Following the post-Reformation English tradition, the monks have been involved in educational and pastoral work. In 1926, Belmont Abbey School was founded. This continued to expand in the post war years. Two preparatory schools were also founded, Alderwasley and Llanarth, Monmouthshire. These in turn were closed, and the school at Belmont was itself closed in 1993. Associations for former pupils still exist.

Today the monks undertake numerous works including the pastoral care of the Catholics in Herefordshire, and South Wales. In addition the community maintains a small foundation at Pachacamac near Lima, Peru, the Monastery of the Incarnation, that in May 2018 transferred to Lurín, in the buildings of the former Cistercian nunnery.

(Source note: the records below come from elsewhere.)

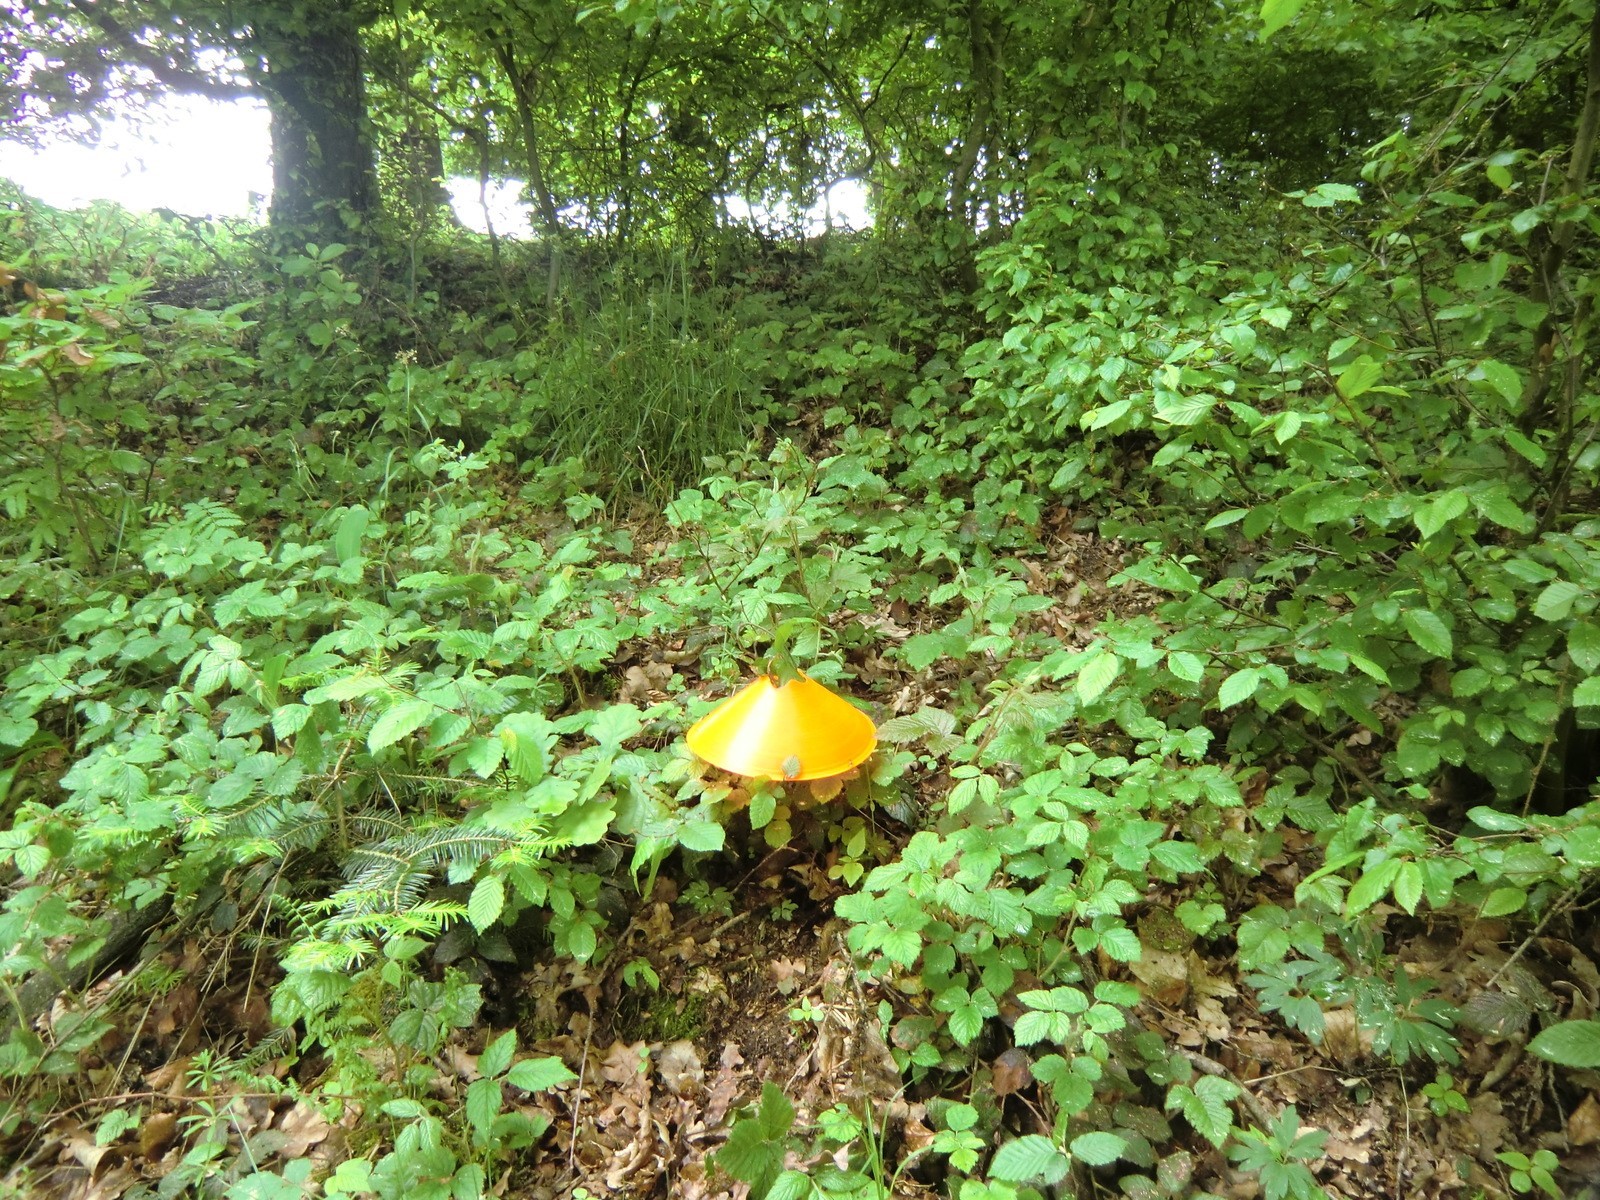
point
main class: Woodland
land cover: Spruce dominated mixed woodland
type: mountainous beech forest
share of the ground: > 75 %
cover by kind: broadleaved forest trees 30 %, shrubs 30 %, coniferous forest trees 20 %, herbaceous plants 10 %, unconsolidated bare surface 10 %
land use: Forestry
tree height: > 5 m
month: May
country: AT
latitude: 48.2709
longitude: 14.6219

The monks also run the retreat, guesthouse and conference centre, Hedley Lodge. A programme of educational visits is offered to schools throughout the West Midlands and Wales.

The community currently numbers 27 monks in England and Peru. In 2001, its former abbot, Mark Jabalé, was appointed Bishop of Menevia. His successor as Abbot is Paul Stonham. Current Prior is Dom Michael Evans.

In 2006 the Heritage Lottery Fund awarded Belmont Abbey a grant for their project 'Discovering Belmont Abbey', to make the Abbey Church more accessible to a wide range of people, to enlarge its educational activities and restore the fabric of the church. Work commenced in August 2008.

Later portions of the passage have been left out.